When HHS announced the settlement, DataBreaches never thought to really question their claims and decision. Thankfully, though, Theresa Defino dug into this case for the latest issue of Report on Patient Privacy. In BA Depicted by OCR as Example of Ransomware Dangers Recovered Quickly, Didn’t Expect Fine, Defino interviewed Tim DiBona, CEO of DMS. DiBona’s description of his firm’s experience needs to be read and considered. Did OCR go too far in their enforcement in this case? Were the findings valid, but using an enforcement sledgehammer instead of just education heavy-handed and unfair?
In mid-2018, DataBreaches filed a watchdog complaint with HHS about a covered entity in Michigan that apparently knowingly covered up a breach affecting more than 40,000 patients for more than two years.
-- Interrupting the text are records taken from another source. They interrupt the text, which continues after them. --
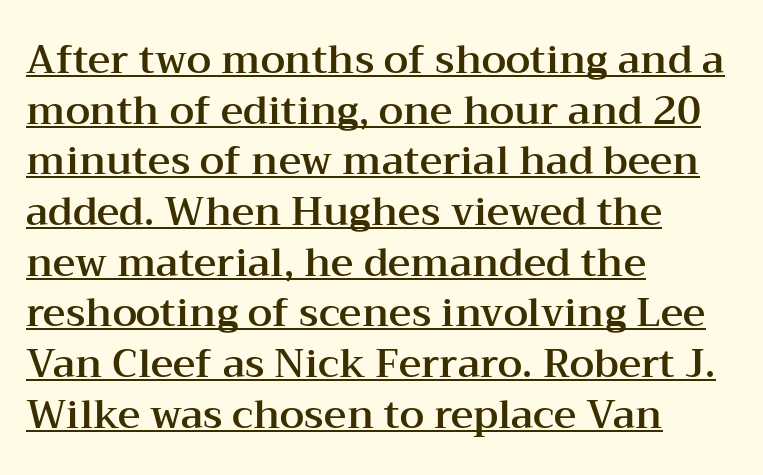
Q: Is the text italic (slanted)? A: No, it is upright.
Q: Is the typeface a serif or a sans-serif typeface? A: Serif.
Q: Is the text underlined? A: Yes.
Q: How is the paragraph aligned? A: Left-aligned.
Q: Is the spacing between letters normal or unusually wide? A: Normal.
Q: Is the spacing between lines tight, normal or loose? A: Normal.
Q: Width (condensed, normal, or wide)? A: Wide.
Q: Stroke contrast? A: Medium.
Q: x-height? A: Medium.
Q: Monospaced? A: No.
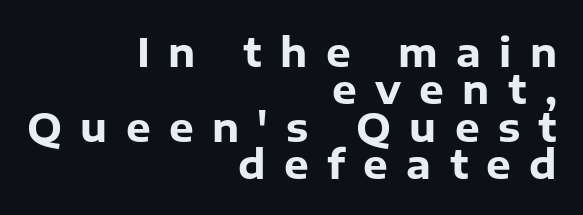
The image shows 39 px heavy sans-serif type, upright; set right-aligned, tight line spacing (0.96x), unusually wide letter spacing (+0.47 em), not underlined; low stroke contrast and a medium x-height.
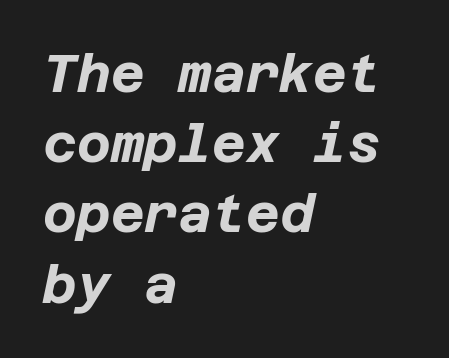
Q: Is the text bold? A: Yes.
Q: Is the text italic (slanted)? A: Yes, it leans right by about 12 degrees.
Q: Is the text underlined? A: No.
Q: How is the paragraph aligned? A: Left-aligned.
Q: Is the spacing between letters normal or unusually wide? A: Normal.
Q: Is the spacing between lines tight, normal or loose? A: Normal.
Q: Width (condensed, normal, or wide)? A: Normal.
Q: Stroke contrast? A: Low.
Q: x-height? A: Large.
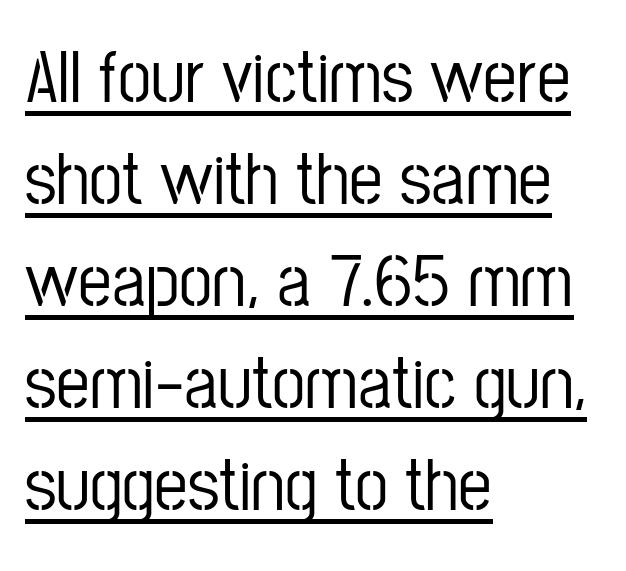
The image shows 75 px condensed sans-serif type, upright; set left-aligned, normal line spacing (1.36x), normal letter spacing, underlined; low stroke contrast and a medium x-height.
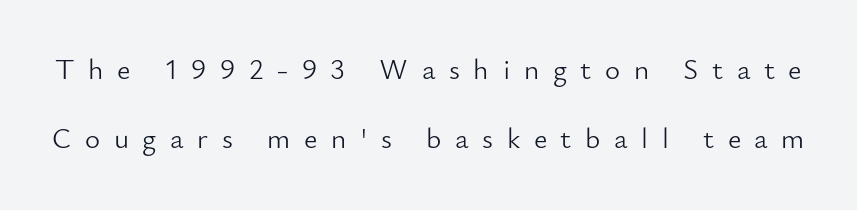
The image shows 29 px light sans-serif type, upright; set loose line spacing (2.38x), unusually wide letter spacing (+0.47 em), not underlined; low stroke contrast and a small x-height.
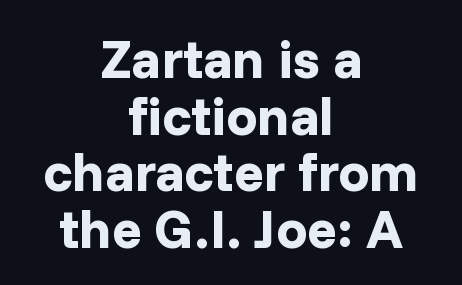
Q: Is the text bold? A: Yes.
Q: Is the text italic (slanted)? A: No, it is upright.
Q: Is the typeface a serif or a sans-serif typeface? A: Sans-serif.
Q: Is the text underlined? A: No.
Q: How is the paragraph aligned? A: Centered.
Q: Is the spacing between letters normal or unusually wide? A: Normal.
Q: Is the spacing between lines tight, normal or loose? A: Tight.
Q: Width (condensed, normal, or wide)? A: Normal.
Q: Stroke contrast? A: Low.
Q: x-height? A: Medium.
Q: Monospaced? A: No.
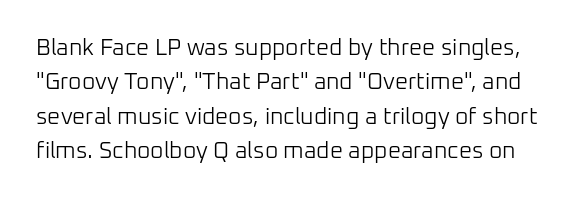
The image shows 23 px text type, upright; set normal line spacing (1.49x), normal letter spacing, not underlined.
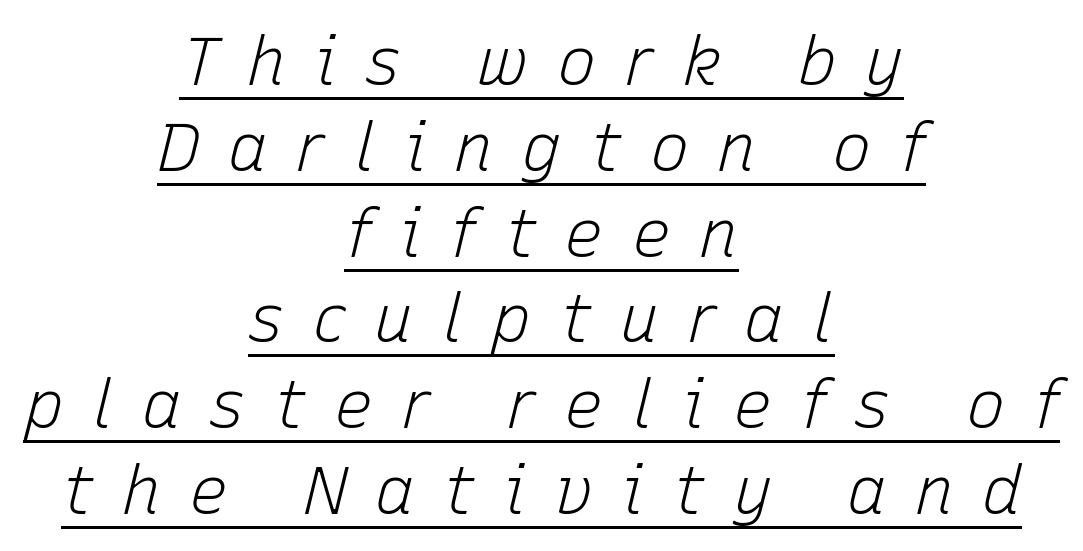
Is the type slanted? Yes — the strokes lean at a clear angle. These glyphs show unthickened strokes, regular width or finer. The sample's only ornament is a line tracing under the words. In terms of letterspacing, this is a distinctly airy, spread setting.

That entity did not notify patients and they did not notify HHS until DataBreaches learned of the breach from the threat actor and told the entity that this site would be reporting on it. The entity then rushed to disclose the breach, but lied in its disclosure to patients and to HHS about when they discovered the breach. DataBreach sent HHS a watchdog complaint in mid-2018 that included copies of the police reports the entity had filed at the time of the breach in 2016 that proved the entity knew they had been hacked, that they had received an extortion demand, and that the threat actor had shown them proof of claims.
What has OCR done in that case of a willful cover-up of a breach? Wouldn’t that have been a good case to use to set an example that entities will not get away with covering up breaches? DataBreaches is still waiting to see OCR hit that covered entity with a serious monetary penalty and corrective action plan. Instead, it’s been five years of crickets while OCR apparently spent some of its limited resources in 2019 pursuing a business entity that for its time, seemed to have security that was no worse than most entities at the time and whose incident response appeared to be a real cut above the rest.